Na véspera do fim do mandato, Bolsonaro deixa o Brasil e viaja para a Flórida; não passará a faixa ao Lula

O presidente Jair Bolsonaro deixou o Palácio da Alvorada nesta sexta-feira (30), na véspera do fim do seu mandato, e embarcou no avião presidencial rumo aos Estados Unidos. O avião decolou no início da tarde e deixou Brasília.

Por volta das 17h, a aeronave pousou no Aeroporto Internacional de Boa Vista, em Roraima, para abastecer. Pouco depois das 19h, já havia deixado o espaço aéreo do Brasil, com destino a Orlando, na Flórida, onde aterrissou por volta das 23h.

O presidente eleito, Luiz Inácio Lula da Silva (PT), tomará posse no domingo (1º). Com a viagem, Bolsonaro deixa claro que não vai passar a faixa presidencial para Lula no evento da posse.

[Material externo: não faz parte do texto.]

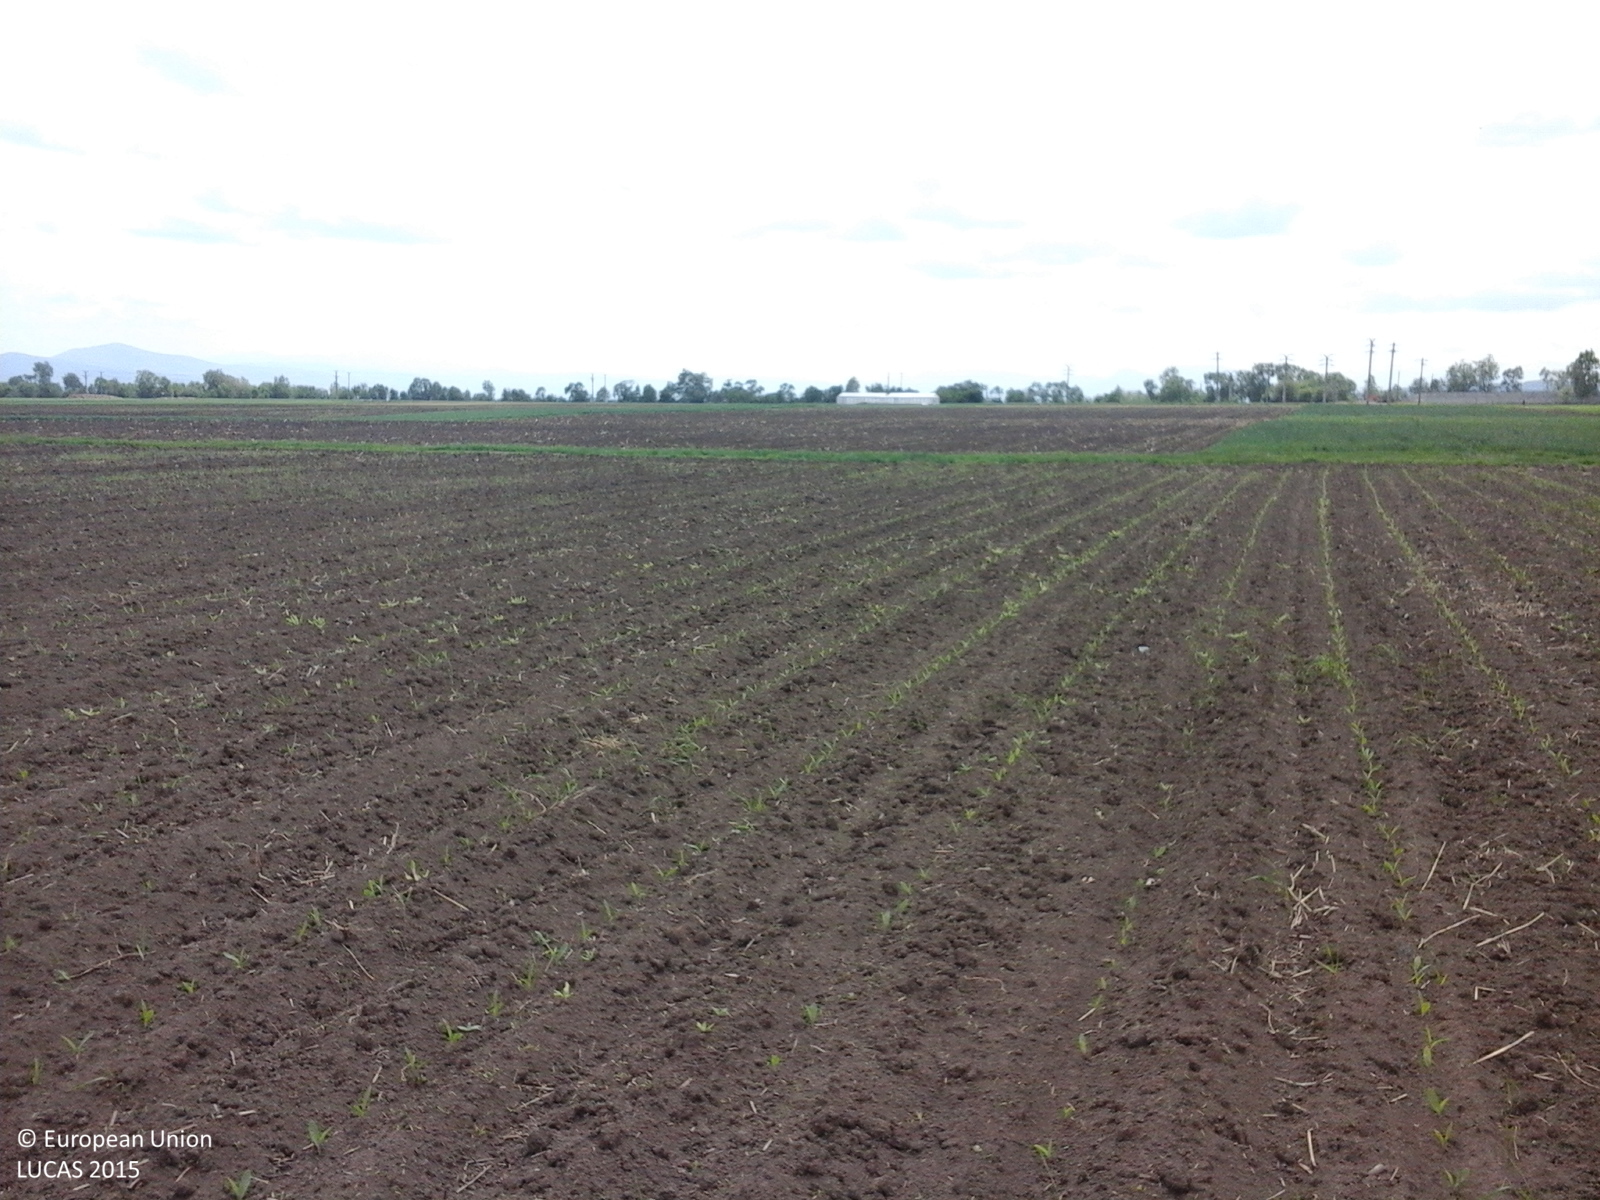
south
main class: Cropland
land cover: Maize
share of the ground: < 10 %
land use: Agriculture (excluding fallow land and kitchen gardens)
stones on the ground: < 10 %
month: May
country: RO
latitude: 45.9190
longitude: 25.8031

Na manhã desta sexta, no "Diário Oficial da União", o governo publicou uma autorização para que servidores públicos que vão ser assessores de Bolsonaro quando ele deixar a Presidência acompanhem o presidente na viagem aos Estados Unidos.

Última live

Mais cedo, nesta sexta, Bolsonaro fez a última live do mandato. O presidente passou as últimas semanas, desde que perdeu a eleição, recluso no Palácio da Alvorada e longe das transmissões que costumava fazer nas redes sociais.

Na última transmissão ao vivo do mandato, Bolsonaro condenou atos de terrorismo cometidos por apoiadores dele e fez um balanço dos quatros anos de sua gestão.

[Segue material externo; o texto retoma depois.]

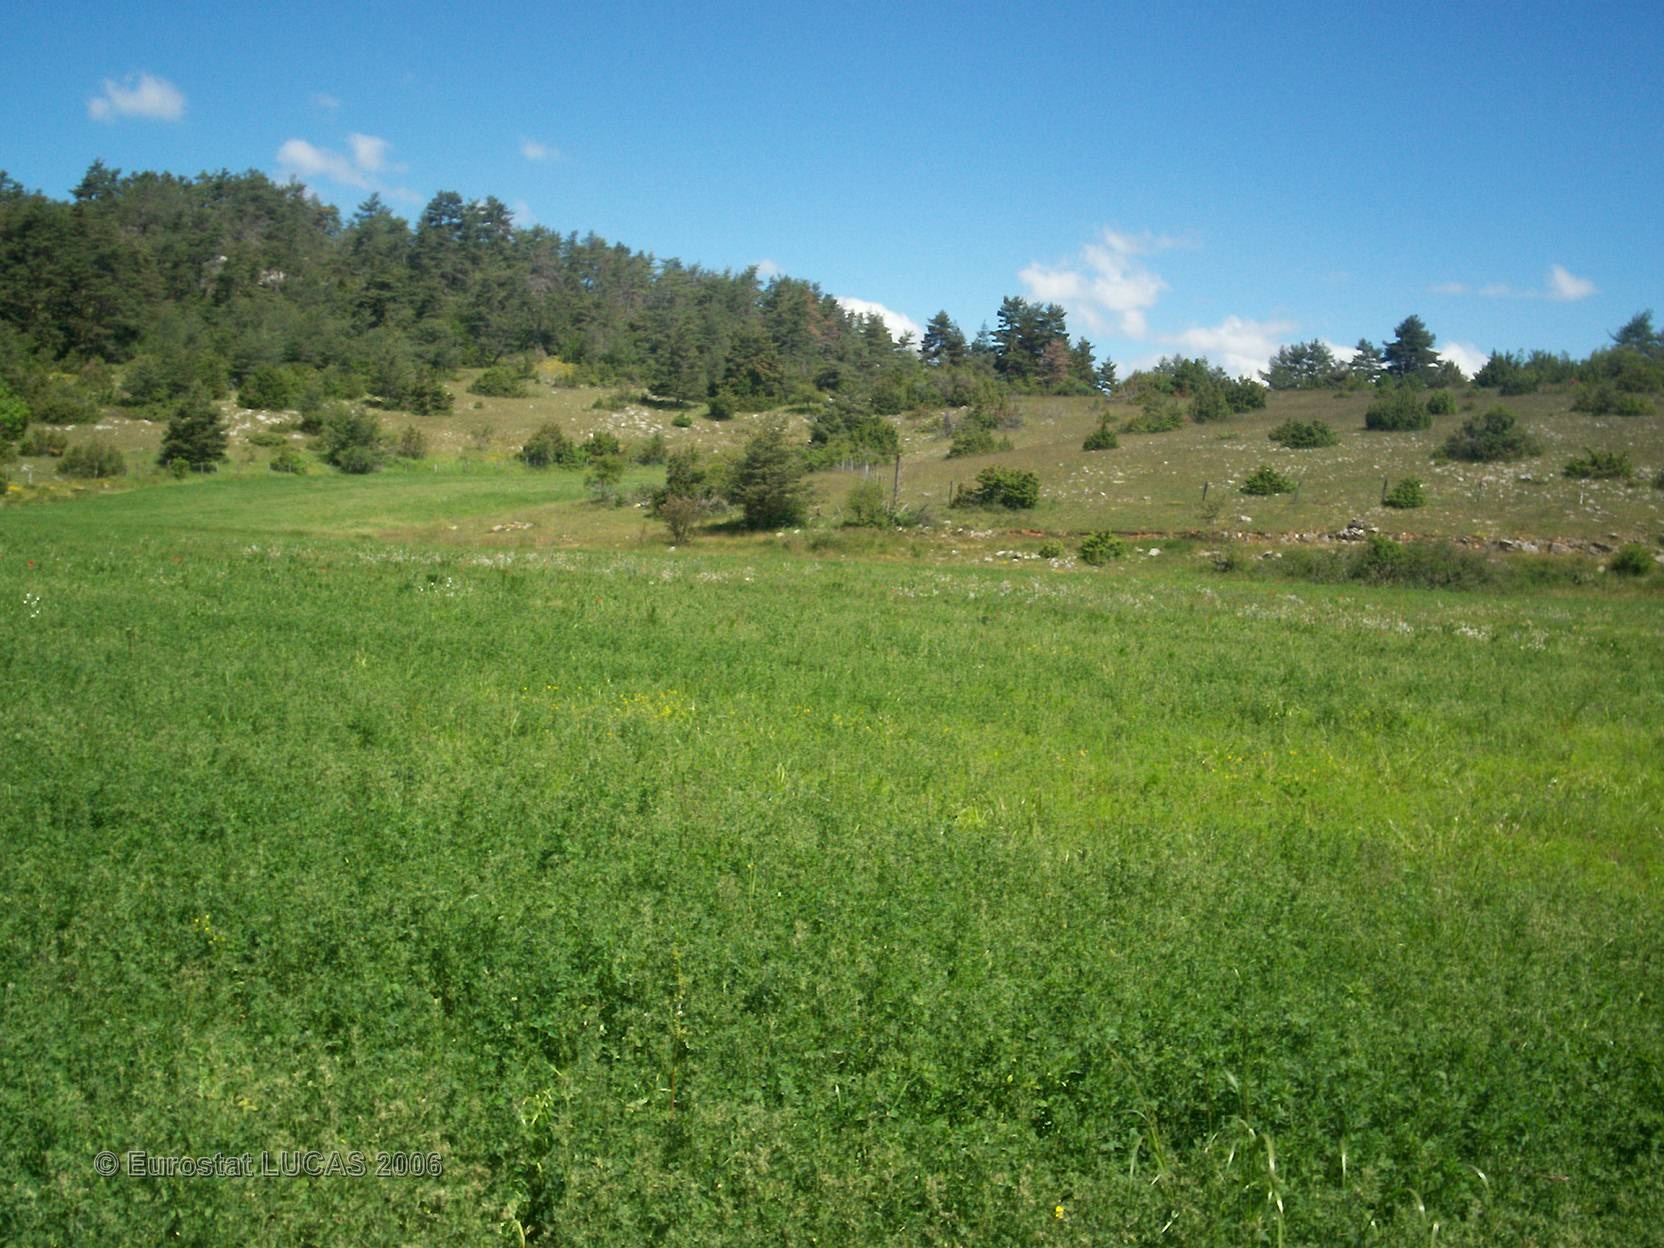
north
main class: Cropland
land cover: Other leguminous and mixtures for fodder
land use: Agriculture (excluding fallow land and kitchen gardens)
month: June
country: FR
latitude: 44.4077
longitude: 3.3374

Logo no início de sua fala, ele comentou o caso do homem que plantou um explosivo em um caminhão de combustível perto do aeroporto da capital federal.

O presidente se queixou de que atitudes de violência política no país são sempre atribuídas a "bolsonaristas".

No entanto, George Washington, o homem preso pela bomba, relatou à polícia que participou de atos antidemocráticos realizados por apoiadores do presidente. Disse ainda que sua intenção era iniciar o "caos" e que agiu por motivação política. A bomba não chegou a explodir.

"Hoje em dia, se alguém comete, um erro é bolsonarista. Nada justifica, aqui em Brasília, essa tentativa de ato terrorista na região do aeroporto", afirmou o presidente.

"O elemento que foi pego, graças a Deus, que não coaduna com nenhuma situação, mas classificam como bolsonarista. É o modo de tratar", completou.

O presidente também comentou os acampamentos de apoiadores em frente a quartéis-generais do Exército em cidades do país. Os acampamentos fazem pedidos inconstitucionais, como intervenção militar e reversão do resultado das eleições.

Para Bolsonaro, as manifestações são espontâneas e não são lideradas por ninguém. Ele afirmou que não tem participação nos atos.

"Eu não participei desse movimento. Eu me recolhi", afirmou Bolsonaro.

Voz embargada

Ao longo da transmissão, o presidente chegou a embargar a voz algumas vezes e a fazer pausas prolongadas na fala. Um desses momentos foi quando ele lembrou os "sacrifícios" de quem esteve ao seu lado no mandato, e citou a primeira-dama, Michelle Bolsonaro.

Outra ocasião foi quando disse que o Brasil "não acaba em 1º de janeiro".